To actually relate timespan to number of generations, you need to know the average lifespan of a dinosaur. Based purely on an intuitive value derived from modern animal lifespans, I picked an entirely arbitrary 15 years – remembering that this includes all dinosaurs from the very big to the very small, weighted according to relative populations, and counts every egg that was laid whether or not the young survived. I presumed that there were a large number of beasts that had quite lengthy lifespans (30-40 years), a few even more long-lived types (especially in the oceans), and an equally large number with shorter lifespans (1-2 years), with an even spread in between of a median value.
165 million divided by 15 years average lifespan over all species gives approximately 11 million generations.
The TV documentary in question, Clash Of The Dinosaurs, then provided a reality check by stating that more than 10 million generations of dinosaurs came and went. (I think they may have already suggested 10.6 million, but this was a factoid that I didn’t consciously absorb at the time, so I didn’t want to rely on it). But, between the vagueness and universality of the specific question, and the potential of a pre-rule time period of unknown length, I accepted 11 million as being a good round approximation.
Nevertheless, there are all sorts of assumptions implicit in this number that might not be all that accurate. It’s a working number that can be adjusted as necessary, or as better information comes to light.
If the average is closer to 10 years, we get a number that’s closer to 17 million generations. If the average is closer to 20 years, we get a generation count of about 9 or 10 million generations. The first number is much higher, but the second is not all that far removed from the 11 million value employed. In fact, to get the same ratio of number-of-generations – 17 million to 11 million – we need an average closer to 22-23 years to a generation, which gives 7.33 million generations.

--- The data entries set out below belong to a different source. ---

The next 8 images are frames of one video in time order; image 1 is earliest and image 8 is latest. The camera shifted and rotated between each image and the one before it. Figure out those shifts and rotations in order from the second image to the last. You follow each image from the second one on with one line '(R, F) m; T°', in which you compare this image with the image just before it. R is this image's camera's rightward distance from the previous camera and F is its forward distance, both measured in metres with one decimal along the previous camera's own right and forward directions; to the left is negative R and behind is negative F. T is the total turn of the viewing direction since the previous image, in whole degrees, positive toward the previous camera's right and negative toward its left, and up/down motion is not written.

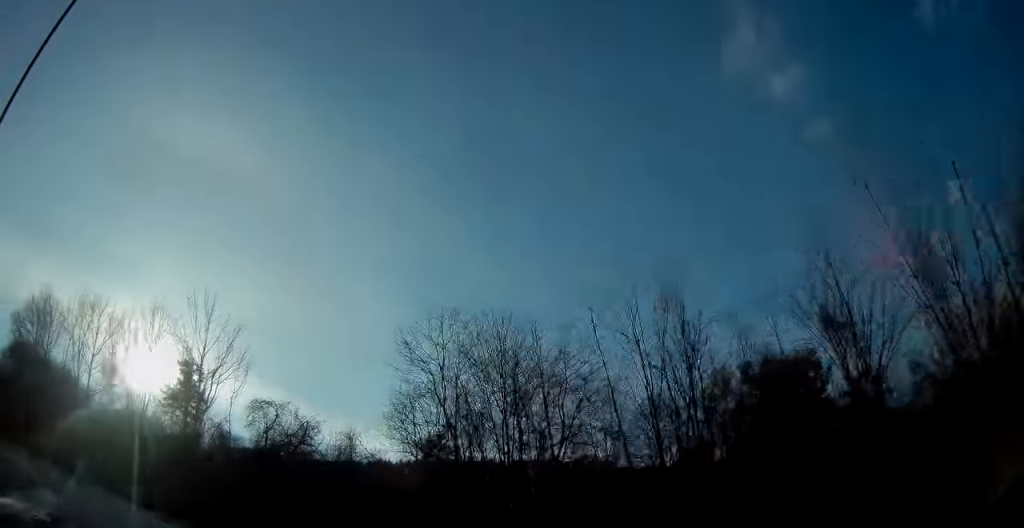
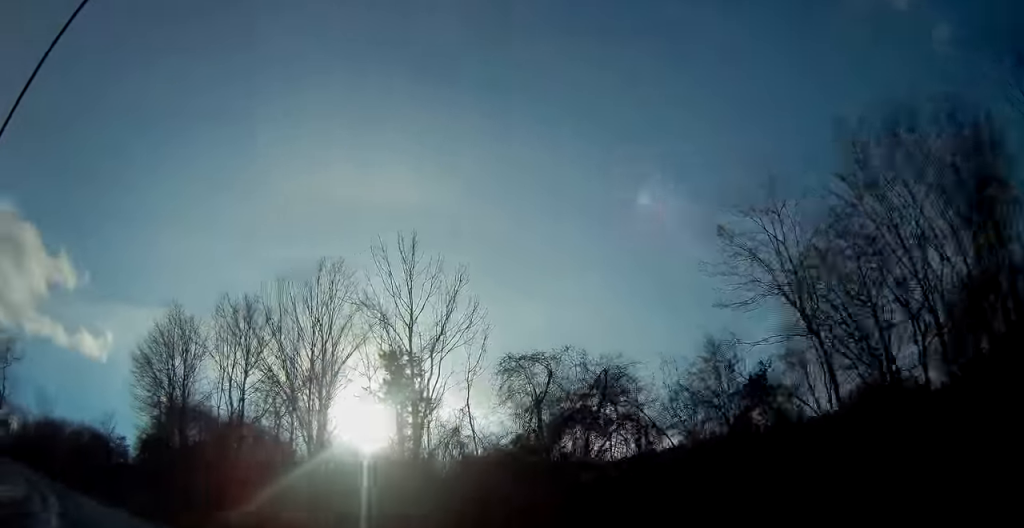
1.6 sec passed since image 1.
(-2.9, +14.3) m; -25°
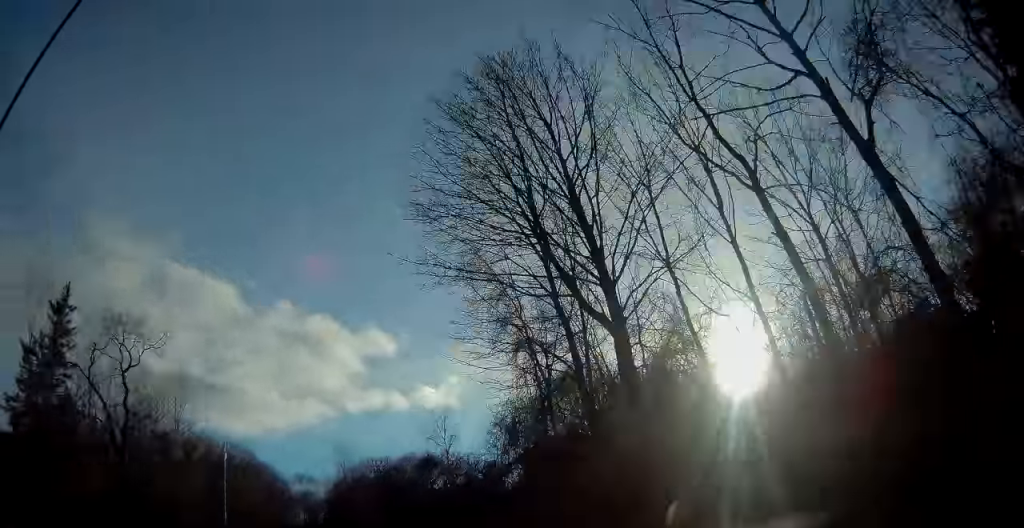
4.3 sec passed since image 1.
(-9.7, +24.4) m; -37°
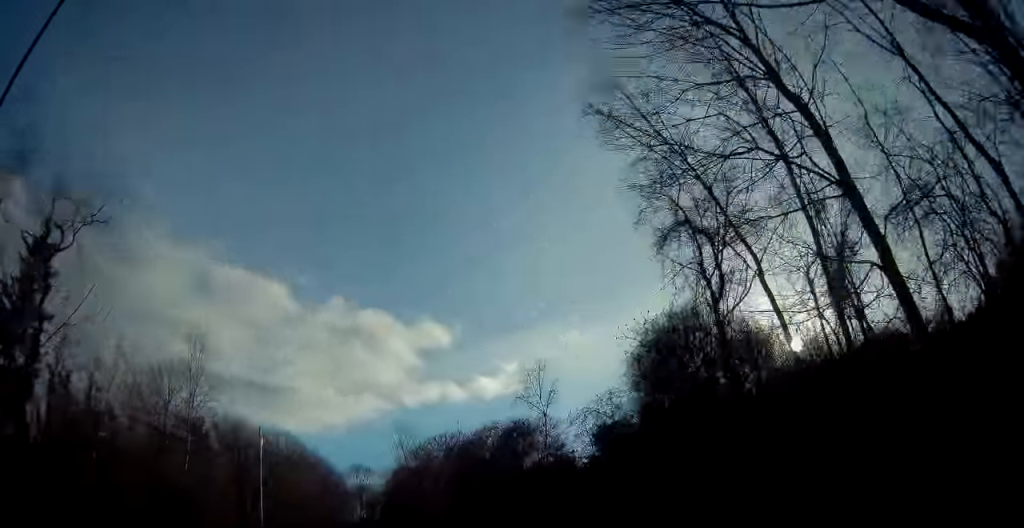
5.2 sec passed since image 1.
(-0.6, +10.0) m; -6°
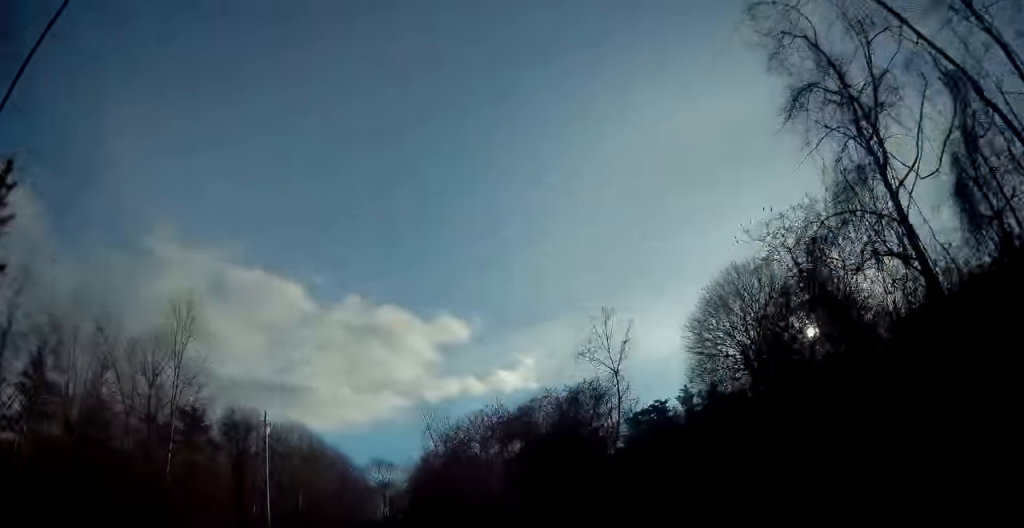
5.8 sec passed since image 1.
(-0.2, +6.8) m; -3°
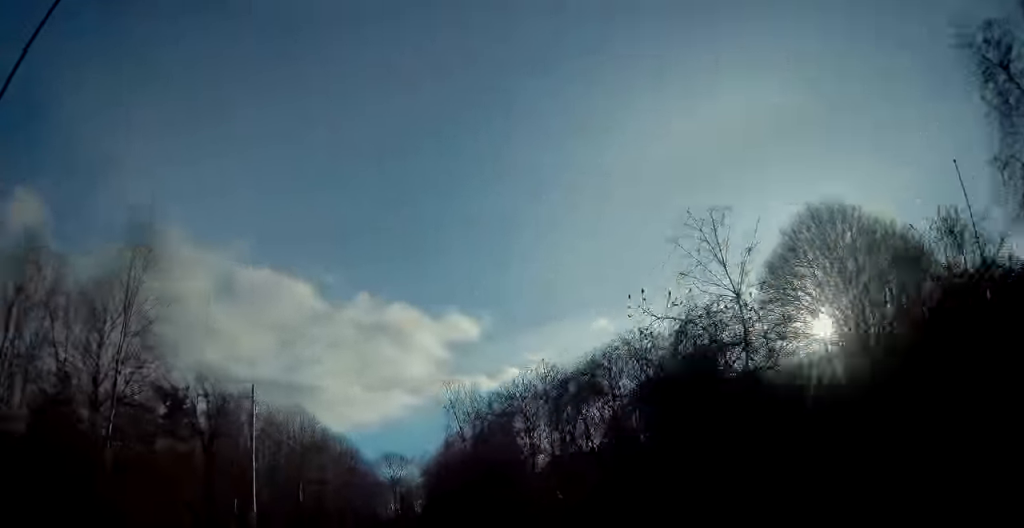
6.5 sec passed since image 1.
(-0.2, +8.4) m; -1°
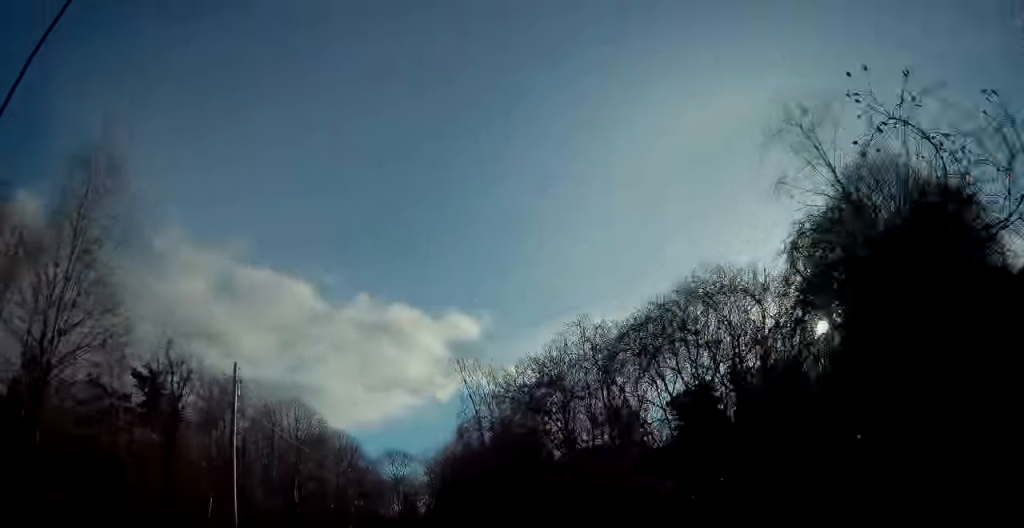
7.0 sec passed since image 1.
(0.0, +5.4) m; -1°
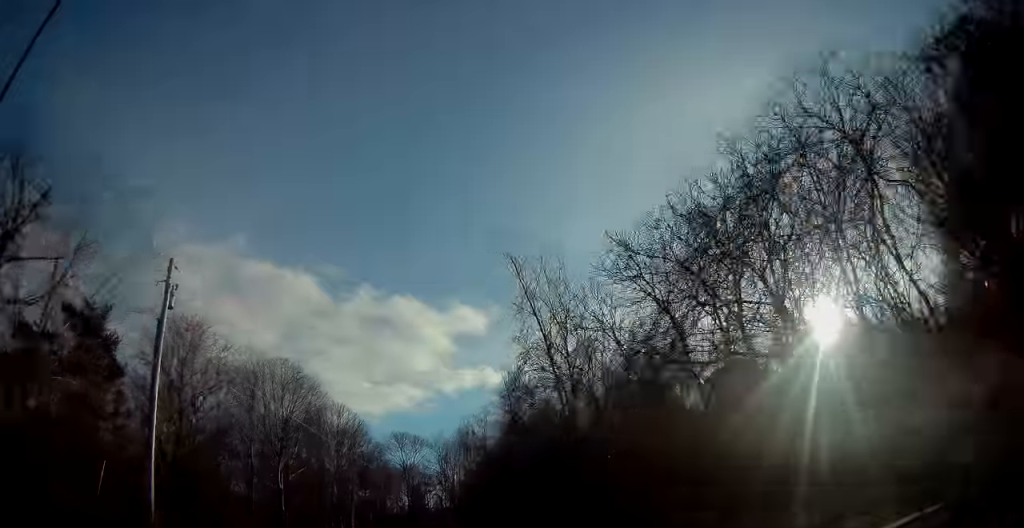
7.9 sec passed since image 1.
(0.0, +12.1) m; -1°

To me, that means that the most likely direction of any error in the estimate is in the direction of vastly more generations; it takes a much more significant extension of average lifespan to have a drastic effect on the estimate being approximately right.
The Percentage Of Progress
The next significant decision was to define the process of evolution from one species into a new one. Because I was interested in how big a percentage change per generation was required, it was natural for me to define this as 100%. In other words, evolution was defined as an average percentage change per generation of unknown scale, but when enough of these changes accumulated, the total would reach 100 and one species would have become another.

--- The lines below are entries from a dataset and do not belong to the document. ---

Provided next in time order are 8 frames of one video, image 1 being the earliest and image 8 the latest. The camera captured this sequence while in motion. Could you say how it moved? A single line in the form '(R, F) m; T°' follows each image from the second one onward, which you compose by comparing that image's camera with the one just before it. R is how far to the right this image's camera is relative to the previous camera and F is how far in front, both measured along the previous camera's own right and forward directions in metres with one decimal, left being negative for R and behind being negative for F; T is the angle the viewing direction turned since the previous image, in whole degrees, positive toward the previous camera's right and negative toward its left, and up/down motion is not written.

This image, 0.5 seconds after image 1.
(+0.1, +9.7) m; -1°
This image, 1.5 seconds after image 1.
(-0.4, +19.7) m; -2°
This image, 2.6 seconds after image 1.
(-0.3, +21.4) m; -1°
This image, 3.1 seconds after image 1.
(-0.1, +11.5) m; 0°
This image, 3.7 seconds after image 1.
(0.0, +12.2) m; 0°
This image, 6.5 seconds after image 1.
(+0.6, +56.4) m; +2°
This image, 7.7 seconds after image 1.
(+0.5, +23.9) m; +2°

I didn’t realize it at the time, though I came to appreciate as work on the problem continued, but this permitted me to sidestep all sorts of thorny issues, like a functional definition of the difference between a new species and its immediate evolutionary ancestors. I had all sorts of thoughts about traits that bred true, and an inability to breed with the precursor species, (except possibly to produce sterile offspring) and meaningful change vs natural variations between individuals; I didn’t end up needing any of it, because I stated at the outset that whatever the functional definition was,, the species had achieved it when the total reached 100% accumulated difference from the average member of the precursor species. A bullet dodged!
The effectiveness of change
As a general rule of thumb, there are three obvious outcomes of any evolutionary change experienced by an individual:
- The change can better fit the individual creature to the needs of its environment or ecological niche
- The change can make no immediate difference, though it may provide a platform for an advantage at a later date after other evolutionary changes; or
- The change can make the individual a worse match to the needs of its environment or ecological niche.
I assumed that these three outcomes were equally likely, and that members of group 3 would not survive long enough to make a meaningful contribution to the development of a new species.
That means that whatever the rate of evolution was, only 2/3 of it would actually contribute to the accumulated % of evolution to the new species.
I now realize that this is makes a number of really dubious assumptions, and is a massive oversimplification, to boot.
You could argue that the existing mechanisms of biology are so evolved already toward success – the legacy of many generations of prior existence through the evolutionary chain – that almost all changes would be negative or neutral ones.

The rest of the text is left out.